◆ Problem details ◆
Return all of the entries below, word for word. Omit each picture.

(Data items)
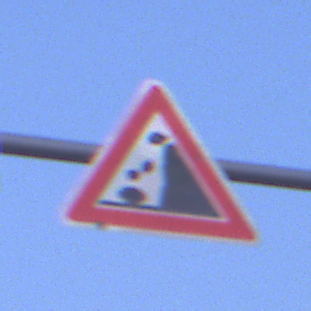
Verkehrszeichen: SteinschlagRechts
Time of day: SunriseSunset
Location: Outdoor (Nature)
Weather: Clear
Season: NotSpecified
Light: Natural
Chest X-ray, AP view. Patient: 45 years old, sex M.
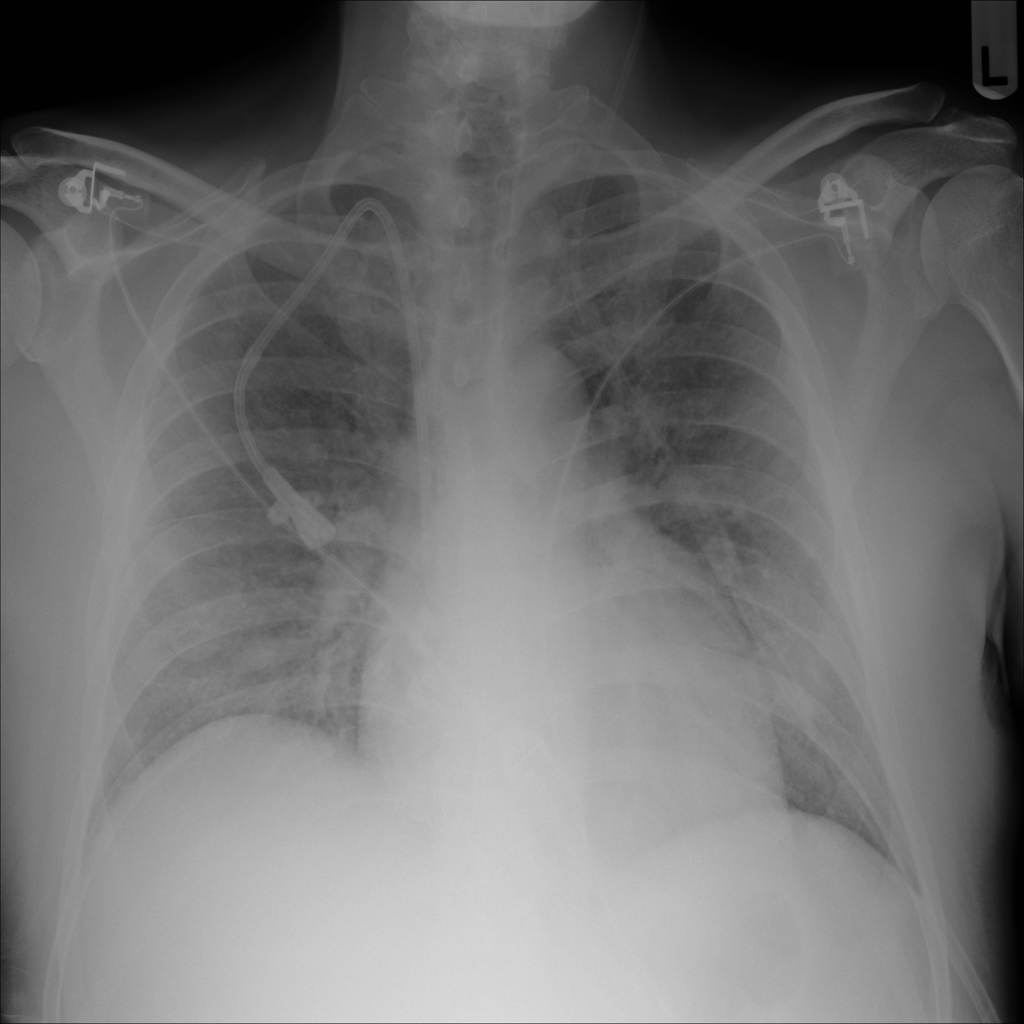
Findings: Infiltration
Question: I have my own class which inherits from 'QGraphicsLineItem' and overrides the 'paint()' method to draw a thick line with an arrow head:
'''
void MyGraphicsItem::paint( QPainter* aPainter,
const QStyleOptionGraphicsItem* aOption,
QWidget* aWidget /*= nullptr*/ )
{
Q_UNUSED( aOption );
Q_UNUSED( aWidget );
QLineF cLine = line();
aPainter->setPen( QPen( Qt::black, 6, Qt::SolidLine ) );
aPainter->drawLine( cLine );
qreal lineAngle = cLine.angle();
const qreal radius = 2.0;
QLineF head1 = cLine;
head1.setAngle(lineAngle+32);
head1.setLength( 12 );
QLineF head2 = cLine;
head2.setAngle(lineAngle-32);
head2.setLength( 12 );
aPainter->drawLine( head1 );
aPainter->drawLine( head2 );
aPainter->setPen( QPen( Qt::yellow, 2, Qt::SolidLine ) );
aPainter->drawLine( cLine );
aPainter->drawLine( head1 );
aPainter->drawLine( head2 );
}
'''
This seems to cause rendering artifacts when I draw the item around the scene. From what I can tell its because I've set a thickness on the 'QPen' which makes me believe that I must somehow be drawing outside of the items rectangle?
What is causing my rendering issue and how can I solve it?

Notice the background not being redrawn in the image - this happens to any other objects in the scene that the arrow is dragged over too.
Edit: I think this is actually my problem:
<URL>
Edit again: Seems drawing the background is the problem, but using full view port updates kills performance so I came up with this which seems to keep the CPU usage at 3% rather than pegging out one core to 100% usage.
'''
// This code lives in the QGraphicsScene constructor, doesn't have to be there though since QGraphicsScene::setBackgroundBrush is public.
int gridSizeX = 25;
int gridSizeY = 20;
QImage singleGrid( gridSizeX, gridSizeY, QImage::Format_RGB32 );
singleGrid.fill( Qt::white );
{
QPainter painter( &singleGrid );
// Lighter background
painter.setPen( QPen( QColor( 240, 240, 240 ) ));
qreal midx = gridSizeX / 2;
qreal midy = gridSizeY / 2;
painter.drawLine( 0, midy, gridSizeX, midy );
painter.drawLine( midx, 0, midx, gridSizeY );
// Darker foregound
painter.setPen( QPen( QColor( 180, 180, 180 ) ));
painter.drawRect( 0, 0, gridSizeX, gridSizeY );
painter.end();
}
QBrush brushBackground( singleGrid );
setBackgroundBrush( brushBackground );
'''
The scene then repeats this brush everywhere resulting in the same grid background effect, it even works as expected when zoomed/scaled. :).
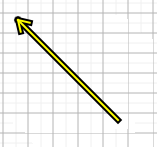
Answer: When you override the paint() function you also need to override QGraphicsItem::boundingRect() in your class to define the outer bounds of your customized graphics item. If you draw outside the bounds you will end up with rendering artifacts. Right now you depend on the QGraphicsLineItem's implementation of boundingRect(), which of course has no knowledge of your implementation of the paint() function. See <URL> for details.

◆ Written response ◆
Verkehrszeichen: SteinschlagRechts
Time of day: SunriseSunset
Location: Outdoor (Nature)
Weather: Clear
Season: NotSpecified
Light: Natural
Chest X-ray, AP view. Patient: 45 years old, sex M.
Findings: Infiltration
Question: I have my own class which inherits from 'QGraphicsLineItem' and overrides the 'paint()' method to draw a thick line with an arrow head:
'''
void MyGraphicsItem::paint( QPainter* aPainter,
const QStyleOptionGraphicsItem* aOption,
QWidget* aWidget /*= nullptr*/ )
{
Q_UNUSED( aOption );
Q_UNUSED( aWidget );
QLineF cLine = line();
aPainter->setPen( QPen( Qt::black, 6, Qt::SolidLine ) );
aPainter->drawLine( cLine );
qreal lineAngle = cLine.angle();
const qreal radius = 2.0;
QLineF head1 = cLine;
head1.setAngle(lineAngle+32);
head1.setLength( 12 );
QLineF head2 = cLine;
head2.setAngle(lineAngle-32);
head2.setLength( 12 );
aPainter->drawLine( head1 );
aPainter->drawLine( head2 );
aPainter->setPen( QPen( Qt::yellow, 2, Qt::SolidLine ) );
aPainter->drawLine( cLine );
aPainter->drawLine( head1 );
aPainter->drawLine( head2 );
}
'''
This seems to cause rendering artifacts when I draw the item around the scene. From what I can tell its because I've set a thickness on the 'QPen' which makes me believe that I must somehow be drawing outside of the items rectangle?
What is causing my rendering issue and how can I solve it?

Notice the background not being redrawn in the image - this happens to any other objects in the scene that the arrow is dragged over too.
Edit: I think this is actually my problem:
<URL>
Edit again: Seems drawing the background is the problem, but using full view port updates kills performance so I came up with this which seems to keep the CPU usage at 3% rather than pegging out one core to 100% usage.
'''
// This code lives in the QGraphicsScene constructor, doesn't have to be there though since QGraphicsScene::setBackgroundBrush is public.
int gridSizeX = 25;
int gridSizeY = 20;
QImage singleGrid( gridSizeX, gridSizeY, QImage::Format_RGB32 );
singleGrid.fill( Qt::white );
{
QPainter painter( &singleGrid );
// Lighter background
painter.setPen( QPen( QColor( 240, 240, 240 ) ));
qreal midx = gridSizeX / 2;
qreal midy = gridSizeY / 2;
painter.drawLine( 0, midy, gridSizeX, midy );
painter.drawLine( midx, 0, midx, gridSizeY );
// Darker foregound
painter.setPen( QPen( QColor( 180, 180, 180 ) ));
painter.drawRect( 0, 0, gridSizeX, gridSizeY );
painter.end();
}
QBrush brushBackground( singleGrid );
setBackgroundBrush( brushBackground );
'''
The scene then repeats this brush everywhere resulting in the same grid background effect, it even works as expected when zoomed/scaled. :).
Answer: When you override the paint() function you also need to override QGraphicsItem::boundingRect() in your class to define the outer bounds of your customized graphics item. If you draw outside the bounds you will end up with rendering artifacts. Right now you depend on the QGraphicsLineItem's implementation of boundingRect(), which of course has no knowledge of your implementation of the paint() function. See <URL> for details.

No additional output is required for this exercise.